→ **WHAT YOU WILL DO**
Only the lines with the string "འཕགས" are needed; return each of them from the entries below.

→ **EXTRACTED DATA**

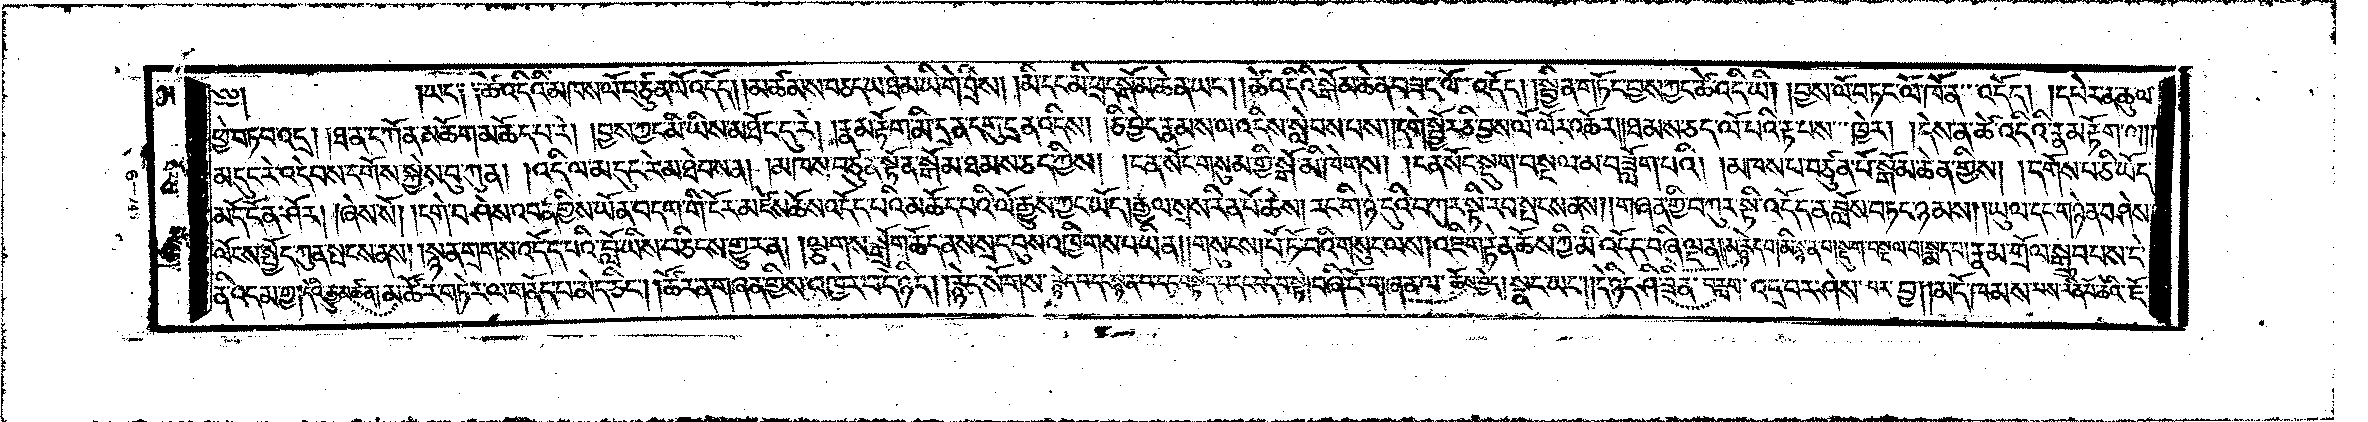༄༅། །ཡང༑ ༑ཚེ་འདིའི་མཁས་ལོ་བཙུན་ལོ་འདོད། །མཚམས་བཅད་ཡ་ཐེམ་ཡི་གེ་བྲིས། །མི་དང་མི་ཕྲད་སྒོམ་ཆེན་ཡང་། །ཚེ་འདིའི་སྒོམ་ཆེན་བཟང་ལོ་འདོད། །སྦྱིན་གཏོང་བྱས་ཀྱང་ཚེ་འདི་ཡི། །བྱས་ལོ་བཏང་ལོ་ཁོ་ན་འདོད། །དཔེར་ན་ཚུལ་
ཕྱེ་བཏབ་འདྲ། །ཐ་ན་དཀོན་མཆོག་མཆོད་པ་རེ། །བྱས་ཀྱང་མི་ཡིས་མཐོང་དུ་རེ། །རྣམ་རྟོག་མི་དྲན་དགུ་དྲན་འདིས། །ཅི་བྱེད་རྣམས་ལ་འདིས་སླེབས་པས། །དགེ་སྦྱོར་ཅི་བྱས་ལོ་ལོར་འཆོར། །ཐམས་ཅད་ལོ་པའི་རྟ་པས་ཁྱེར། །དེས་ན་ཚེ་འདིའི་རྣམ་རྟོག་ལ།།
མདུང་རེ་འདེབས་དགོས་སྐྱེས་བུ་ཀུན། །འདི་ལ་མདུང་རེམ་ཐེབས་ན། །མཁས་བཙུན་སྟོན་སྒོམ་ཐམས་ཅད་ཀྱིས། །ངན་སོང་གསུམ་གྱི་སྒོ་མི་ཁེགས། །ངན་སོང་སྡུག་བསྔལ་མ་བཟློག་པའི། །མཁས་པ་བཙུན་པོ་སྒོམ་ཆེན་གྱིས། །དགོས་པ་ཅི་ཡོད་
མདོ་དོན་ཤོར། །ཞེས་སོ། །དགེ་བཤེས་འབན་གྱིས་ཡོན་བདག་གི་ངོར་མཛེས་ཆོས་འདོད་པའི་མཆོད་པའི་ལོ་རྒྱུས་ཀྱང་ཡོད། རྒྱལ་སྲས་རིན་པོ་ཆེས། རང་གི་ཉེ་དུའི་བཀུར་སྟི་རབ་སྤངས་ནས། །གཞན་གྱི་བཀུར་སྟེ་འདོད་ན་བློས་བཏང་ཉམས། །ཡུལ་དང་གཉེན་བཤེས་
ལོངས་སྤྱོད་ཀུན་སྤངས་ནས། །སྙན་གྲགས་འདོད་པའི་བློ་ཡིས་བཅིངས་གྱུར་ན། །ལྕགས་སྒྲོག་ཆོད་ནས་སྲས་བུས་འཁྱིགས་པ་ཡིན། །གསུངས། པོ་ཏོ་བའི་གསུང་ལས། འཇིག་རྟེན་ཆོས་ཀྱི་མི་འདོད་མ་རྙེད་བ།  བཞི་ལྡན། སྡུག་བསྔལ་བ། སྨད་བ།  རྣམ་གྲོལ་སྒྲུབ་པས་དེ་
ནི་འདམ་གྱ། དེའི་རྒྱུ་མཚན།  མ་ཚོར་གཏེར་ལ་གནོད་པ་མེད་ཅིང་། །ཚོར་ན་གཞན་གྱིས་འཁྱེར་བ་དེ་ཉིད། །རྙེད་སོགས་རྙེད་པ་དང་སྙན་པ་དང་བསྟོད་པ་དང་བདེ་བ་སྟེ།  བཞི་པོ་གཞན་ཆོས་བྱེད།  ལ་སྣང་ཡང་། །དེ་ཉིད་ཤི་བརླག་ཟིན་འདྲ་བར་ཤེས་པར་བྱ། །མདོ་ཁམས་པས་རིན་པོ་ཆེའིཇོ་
==
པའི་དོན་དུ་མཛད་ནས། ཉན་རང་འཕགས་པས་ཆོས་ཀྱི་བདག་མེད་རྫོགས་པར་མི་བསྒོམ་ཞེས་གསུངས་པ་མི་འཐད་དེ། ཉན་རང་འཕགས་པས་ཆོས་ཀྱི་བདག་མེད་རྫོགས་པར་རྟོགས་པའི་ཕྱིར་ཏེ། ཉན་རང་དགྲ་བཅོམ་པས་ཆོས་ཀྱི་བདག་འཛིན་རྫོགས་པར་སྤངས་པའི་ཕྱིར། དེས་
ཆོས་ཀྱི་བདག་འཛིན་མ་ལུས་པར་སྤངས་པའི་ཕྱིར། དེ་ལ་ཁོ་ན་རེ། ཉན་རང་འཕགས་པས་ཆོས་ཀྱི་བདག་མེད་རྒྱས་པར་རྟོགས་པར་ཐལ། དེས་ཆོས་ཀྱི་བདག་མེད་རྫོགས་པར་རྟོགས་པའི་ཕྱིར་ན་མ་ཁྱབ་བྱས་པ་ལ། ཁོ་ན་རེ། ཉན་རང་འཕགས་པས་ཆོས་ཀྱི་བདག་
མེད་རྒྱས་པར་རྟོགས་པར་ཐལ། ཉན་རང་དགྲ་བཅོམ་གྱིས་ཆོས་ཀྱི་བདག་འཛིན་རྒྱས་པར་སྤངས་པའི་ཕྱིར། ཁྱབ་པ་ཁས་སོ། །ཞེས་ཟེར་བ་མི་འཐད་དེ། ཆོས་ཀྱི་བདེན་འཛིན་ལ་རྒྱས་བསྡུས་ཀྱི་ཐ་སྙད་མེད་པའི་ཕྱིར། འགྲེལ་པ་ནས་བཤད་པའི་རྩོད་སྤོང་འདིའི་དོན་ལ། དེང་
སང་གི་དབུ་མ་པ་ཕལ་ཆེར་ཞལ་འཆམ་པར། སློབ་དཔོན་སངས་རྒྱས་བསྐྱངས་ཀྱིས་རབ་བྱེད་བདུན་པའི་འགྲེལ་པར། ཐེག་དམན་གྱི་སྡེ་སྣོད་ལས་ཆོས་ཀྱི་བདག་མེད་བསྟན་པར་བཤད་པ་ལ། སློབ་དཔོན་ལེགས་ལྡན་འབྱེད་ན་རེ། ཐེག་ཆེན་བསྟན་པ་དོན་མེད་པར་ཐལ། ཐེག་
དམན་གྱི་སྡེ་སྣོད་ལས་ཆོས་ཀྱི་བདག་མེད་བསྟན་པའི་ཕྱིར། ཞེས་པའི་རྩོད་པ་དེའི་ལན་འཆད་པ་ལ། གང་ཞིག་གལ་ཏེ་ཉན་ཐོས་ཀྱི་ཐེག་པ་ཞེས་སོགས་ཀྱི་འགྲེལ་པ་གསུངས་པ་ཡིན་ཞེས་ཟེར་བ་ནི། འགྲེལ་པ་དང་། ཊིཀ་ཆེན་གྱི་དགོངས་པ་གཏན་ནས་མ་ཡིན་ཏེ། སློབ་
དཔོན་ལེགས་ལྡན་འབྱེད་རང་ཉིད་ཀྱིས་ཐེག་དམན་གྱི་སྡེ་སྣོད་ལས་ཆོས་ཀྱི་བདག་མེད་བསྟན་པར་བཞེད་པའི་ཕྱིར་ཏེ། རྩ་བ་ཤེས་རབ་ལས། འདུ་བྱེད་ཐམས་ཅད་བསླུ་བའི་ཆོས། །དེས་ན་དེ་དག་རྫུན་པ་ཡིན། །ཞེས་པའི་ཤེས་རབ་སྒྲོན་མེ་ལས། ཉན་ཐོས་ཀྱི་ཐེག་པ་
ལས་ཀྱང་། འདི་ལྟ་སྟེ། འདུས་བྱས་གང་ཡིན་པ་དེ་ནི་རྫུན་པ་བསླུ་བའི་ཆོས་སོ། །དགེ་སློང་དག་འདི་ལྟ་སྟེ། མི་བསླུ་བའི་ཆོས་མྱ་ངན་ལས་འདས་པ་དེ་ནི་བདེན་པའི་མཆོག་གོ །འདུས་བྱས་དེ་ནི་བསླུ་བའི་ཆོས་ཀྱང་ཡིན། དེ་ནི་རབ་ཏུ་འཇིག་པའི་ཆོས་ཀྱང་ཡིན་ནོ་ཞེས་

→ **REPLY**
པའི་དོན་དུ་མཛད་ནས། ཉན་རང་འཕགས་པས་ཆོས་ཀྱི་བདག་མེད་རྫོགས་པར་མི་བསྒོམ་ཞེས་གསུངས་པ་མི་འཐད་དེ། ཉན་རང་འཕགས་པས་ཆོས་ཀྱི་བདག་མེད་རྫོགས་པར་རྟོགས་པའི་ཕྱིར་ཏེ། ཉན་རང་དགྲ་བཅོམ་པས་ཆོས་ཀྱི་བདག་འཛིན་རྫོགས་པར་སྤངས་པའི་ཕྱིར། དེས་
ཆོས་ཀྱི་བདག་འཛིན་མ་ལུས་པར་སྤངས་པའི་ཕྱིར། དེ་ལ་ཁོ་ན་རེ། ཉན་རང་འཕགས་པས་ཆོས་ཀྱི་བདག་མེད་རྒྱས་པར་རྟོགས་པར་ཐལ། དེས་ཆོས་ཀྱི་བདག་མེད་རྫོགས་པར་རྟོགས་པའི་ཕྱིར་ན་མ་ཁྱབ་བྱས་པ་ལ། ཁོ་ན་རེ། ཉན་རང་འཕགས་པས་ཆོས་ཀྱི་བདག་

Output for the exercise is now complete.